Glyphs of Time :: a blog by jarvis grant

September 29, 2010

The Occasional Student

This past week, I had an opportunity to sit in on several Photography Portfolio Reviews with students at the Art Institute of Washington. The Institute has a great photographic imaging program that was built from the ground up, not one refitted onto a traditional photography program. It was odd not smelling fixer as I walked through its hallways. These students have all of the latest hardware and software at their disposal. It was interesting to see that with all this technology and a terrific faculty in place they were still like the students I had at Howard University back in the 1980s & 90s! No comment on my high school art students at the Ellington School of the Arts during the past ten years! So, nothing really changed except the tools they were inundated with learning. Very interesting.

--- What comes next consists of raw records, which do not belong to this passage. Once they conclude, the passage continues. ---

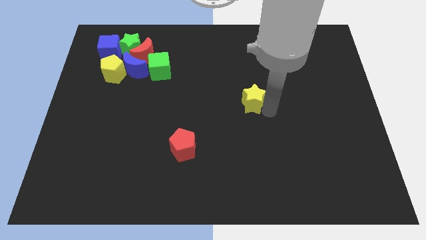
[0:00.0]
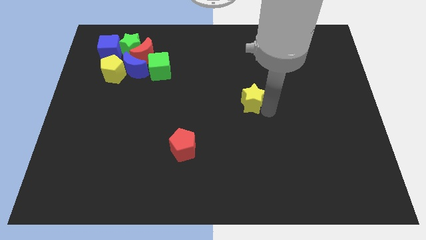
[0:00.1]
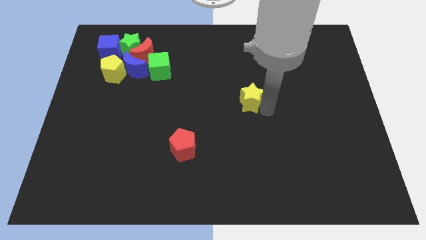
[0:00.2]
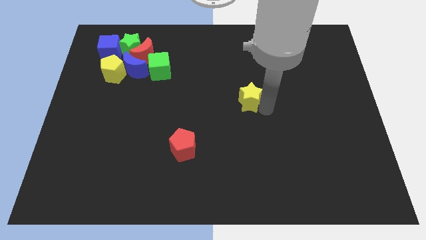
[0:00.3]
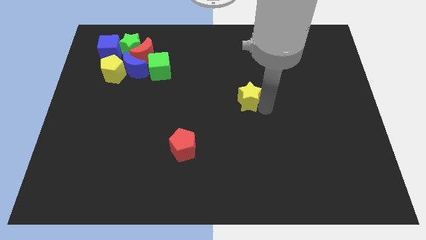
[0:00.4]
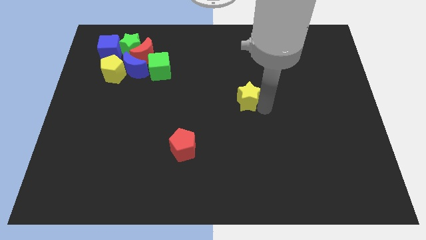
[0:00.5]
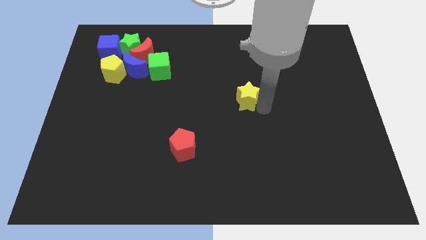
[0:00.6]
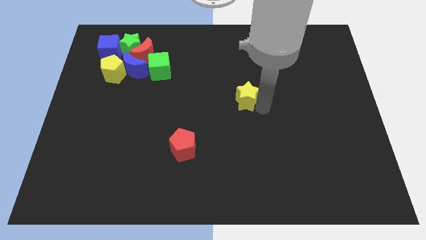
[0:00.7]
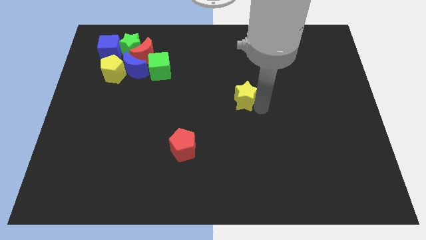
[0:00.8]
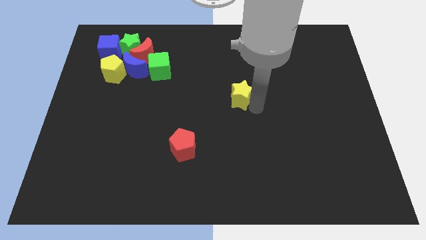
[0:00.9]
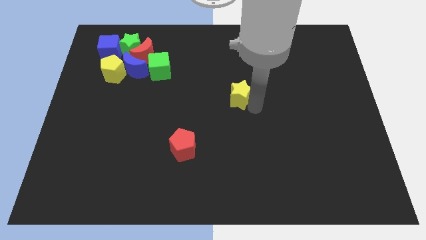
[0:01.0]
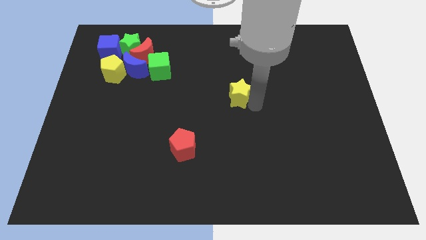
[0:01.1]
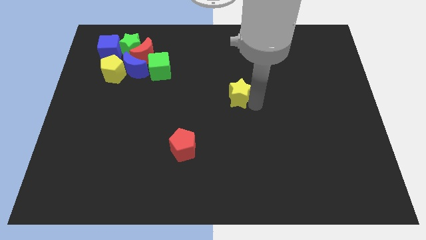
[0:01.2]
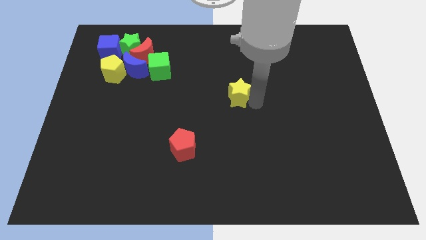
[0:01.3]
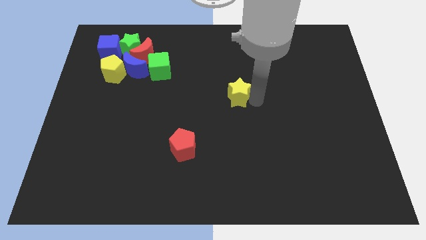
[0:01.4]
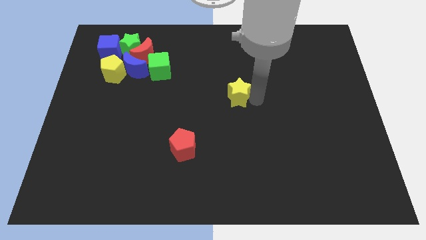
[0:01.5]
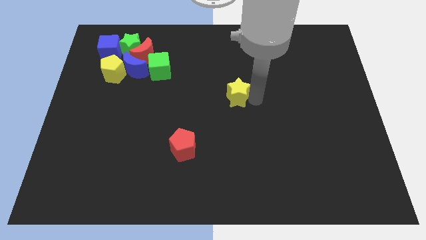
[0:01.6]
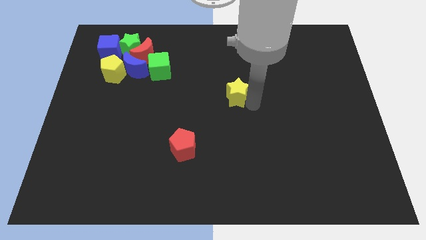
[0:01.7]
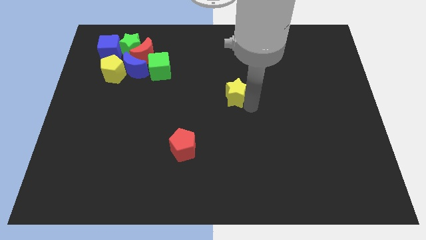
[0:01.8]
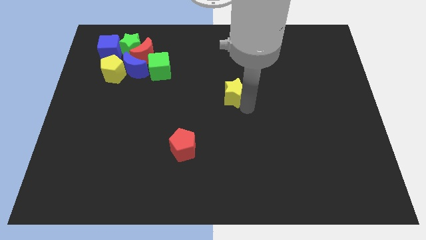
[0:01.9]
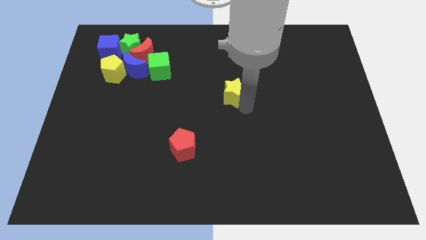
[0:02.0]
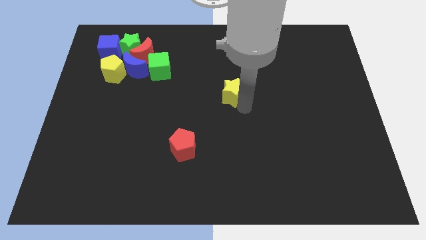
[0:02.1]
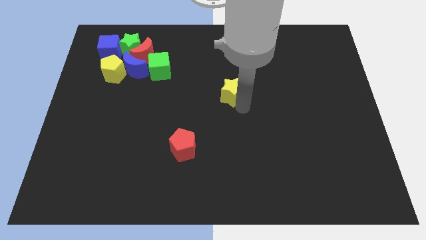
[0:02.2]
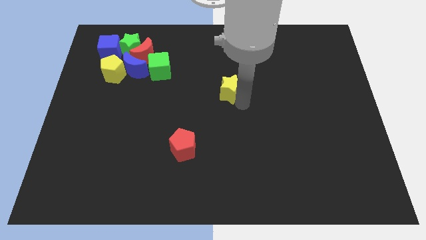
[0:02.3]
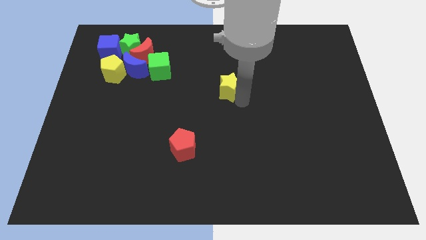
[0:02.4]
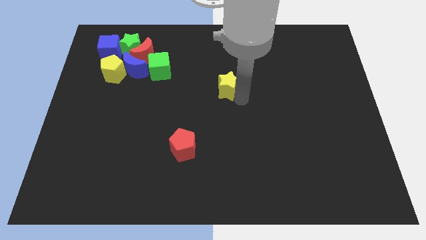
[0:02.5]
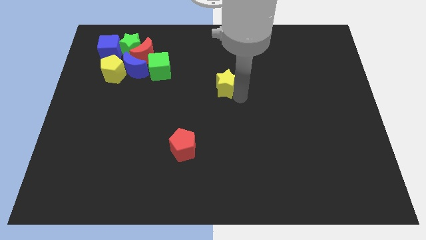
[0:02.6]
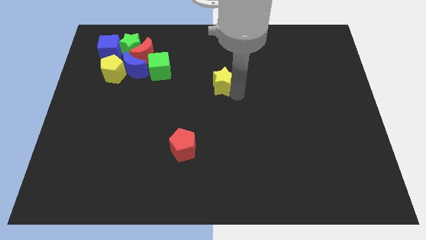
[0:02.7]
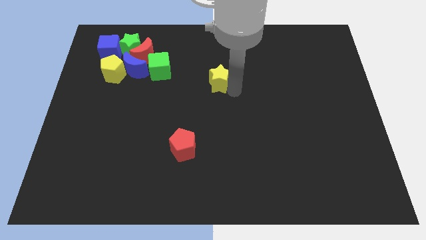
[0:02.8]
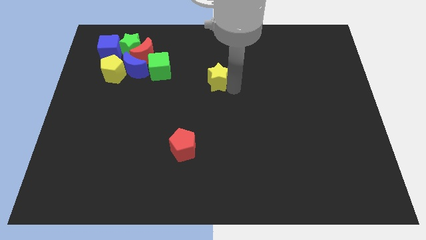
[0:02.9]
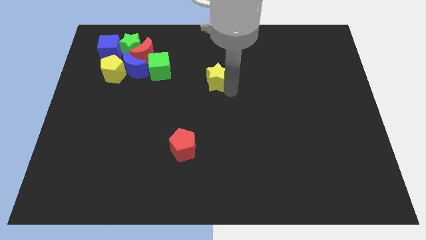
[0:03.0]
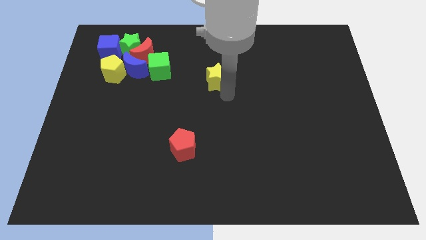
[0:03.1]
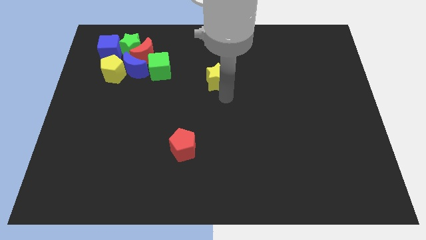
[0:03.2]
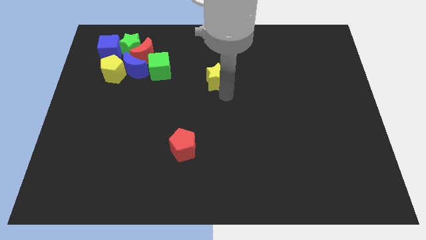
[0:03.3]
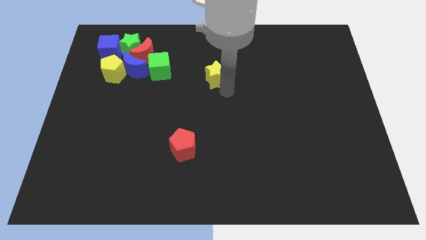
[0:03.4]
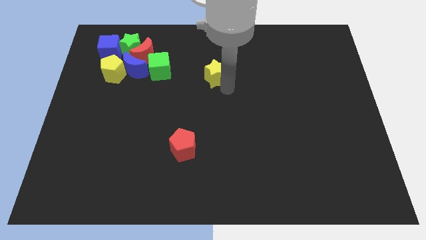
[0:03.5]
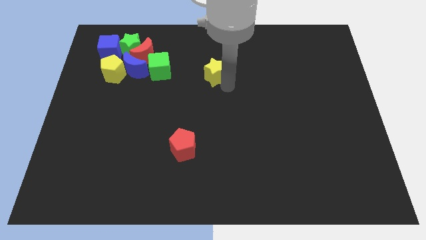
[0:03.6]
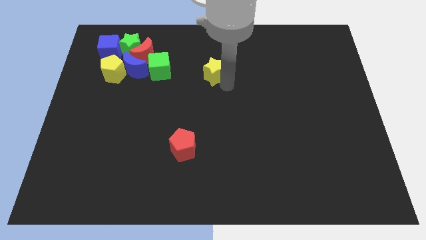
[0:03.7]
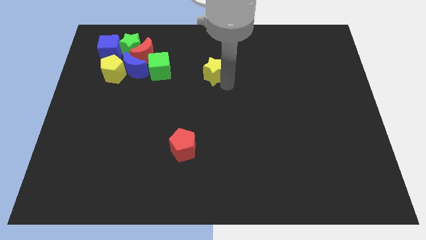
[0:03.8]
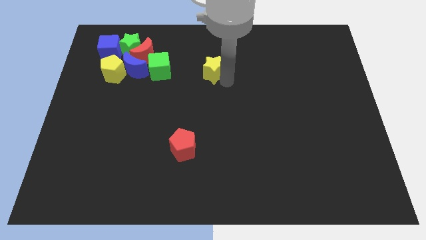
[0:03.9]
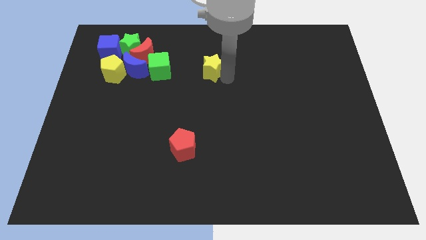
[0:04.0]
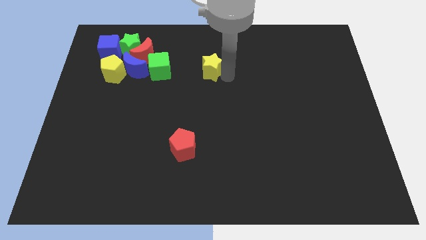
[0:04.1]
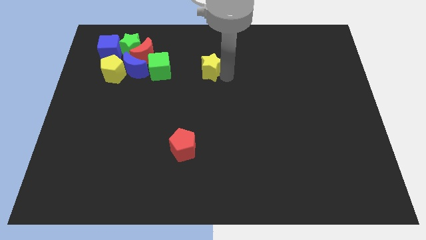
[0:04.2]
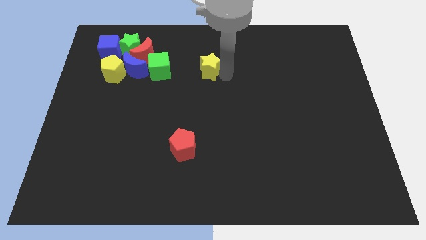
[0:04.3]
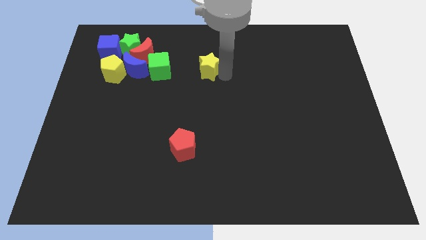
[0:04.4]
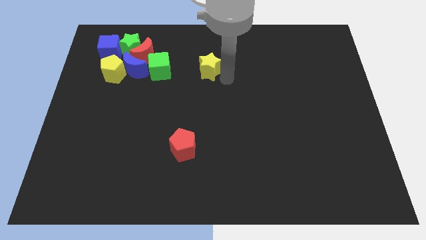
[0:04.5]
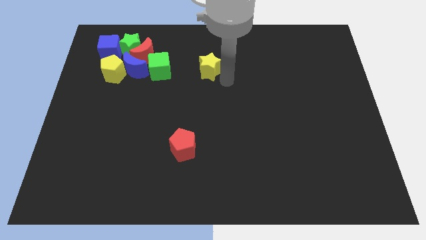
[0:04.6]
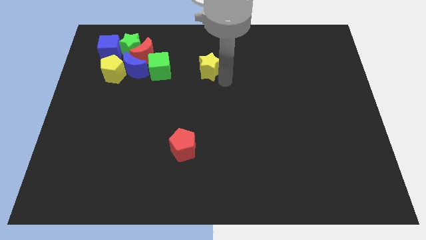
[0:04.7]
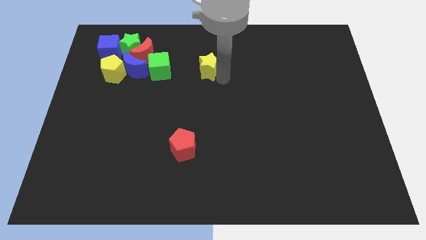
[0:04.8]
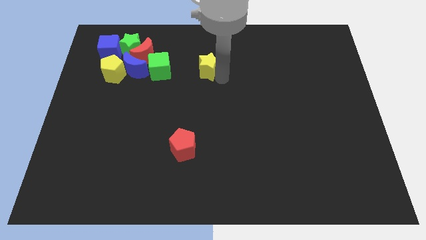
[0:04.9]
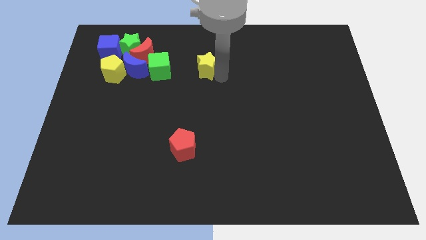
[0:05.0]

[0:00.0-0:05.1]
place the yellow star to the right of the green cube

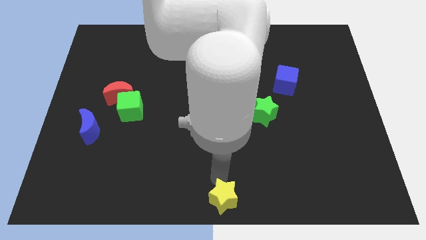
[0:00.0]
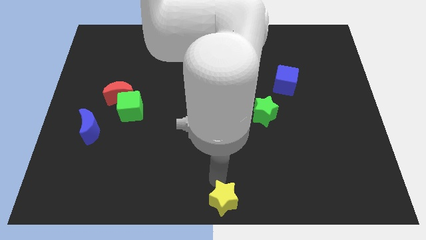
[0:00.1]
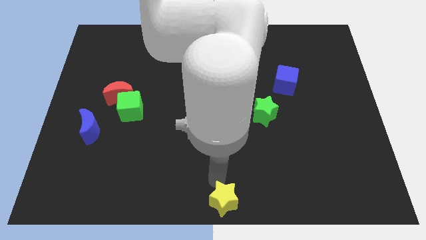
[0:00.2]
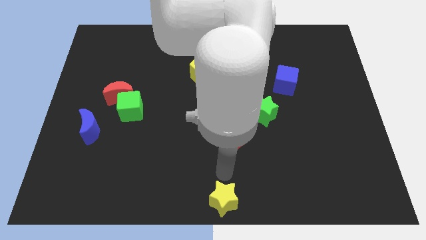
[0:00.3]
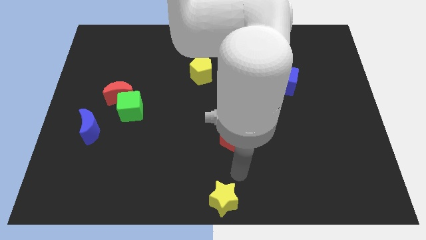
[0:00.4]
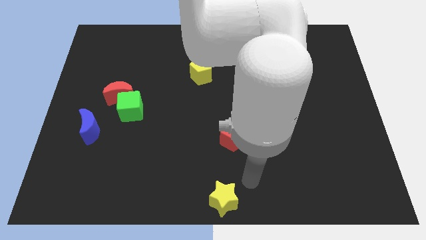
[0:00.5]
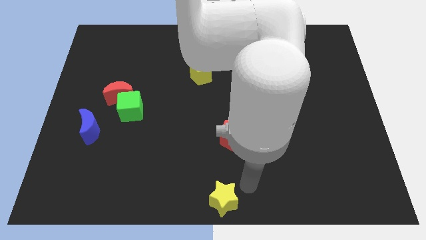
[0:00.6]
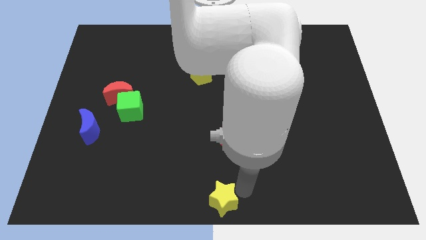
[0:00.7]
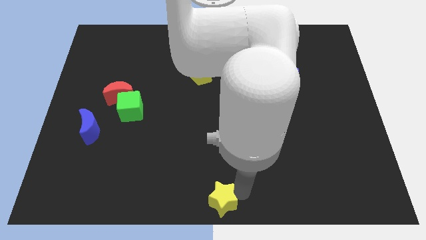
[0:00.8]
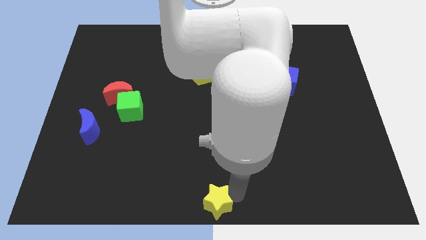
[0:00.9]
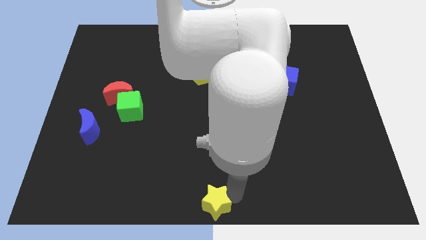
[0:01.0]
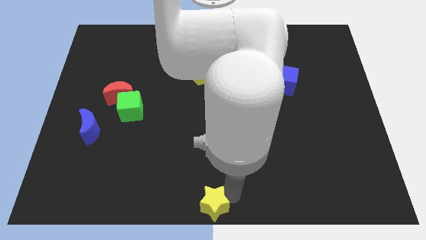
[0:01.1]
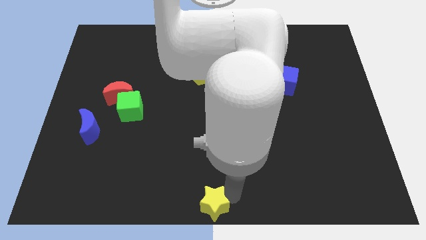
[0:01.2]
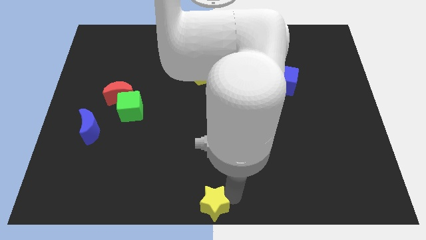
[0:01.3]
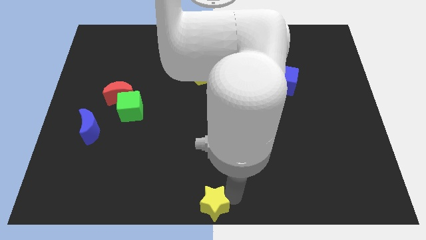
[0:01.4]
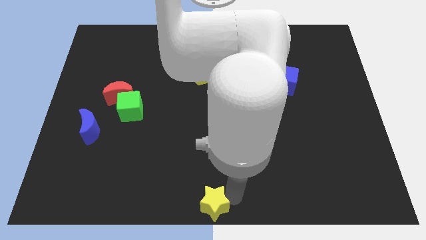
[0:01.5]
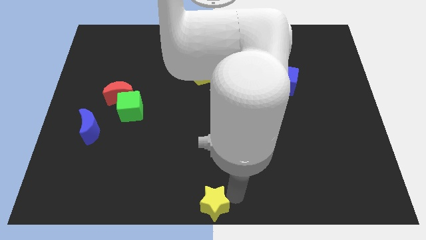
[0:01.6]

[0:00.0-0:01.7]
put the yellow star at the bottom center of the board

When going over the work of these students and in conversation with them, I thought back on a couple of students I worked with as a freelance instructor for Panasonic’s Digital Photo Academy. These were two guys were my peers in age that loved photography, and just kinda did it “on the side”. I was teaching or instructing an Advance Photography class from 9:00AM to 5:00PM. After a brief introduction at Starbucks, I took them to the National Cathedral here in Washington, DC. We shot for six hours straight, with no break! Six hours without any whining, just non-stop photography.

Mike, going for the shot

Mike, going for the shot!

They asked a lot of questions about photography, as well as, telling lots of stories about their photographic and non-photographic lives. As photo enthusiast, that brought all of their photo equipment, so they could be “ready” for anything. The first thing I did was to have them travel light. No more than two lenses and a tripod. They were amazed that the only camera I brought my Panasonic LX3. But I also brought some Lensbaby stuff for them to use and my laptop. We never even used that Lensbaby stuff, no time, they were in The Zone.

Steve using the Cathedral as the background element

Steve, using the Cathedral as the background element.

At the end of the day we were in the Cathedral’s Observation Deck that has a great view of DC, Maryland, and Virginia! I pulled out my laptop and went over their photos, and showed a couple of very quick Photoshop processing tricks. Gave them both a “Goodies Disk”, like I get at Photoshop World, and a little “homework” assignment to make a Blurb book from their photos. Then we all limped off into the sunset. It was a great day of photography.

Those guys, Mike & Steve, were just the kind of Photography students you want. They love photography, and the gadgets and toys that come with it. Most of all they were open, I mean wide open, to the vocabulary of artist vision in hearing and listening to their creative voice. That’s something that the full time student doesn’t do, but the occasional student is actually hungry for. I commented to Mike about this, and his response was, “Hey, here you’re not babysitting! We want to learn.”

Well they’re ready for my Photoshop class, and so am I. I’m looking forward to my next photography classroom, filled with occasional students.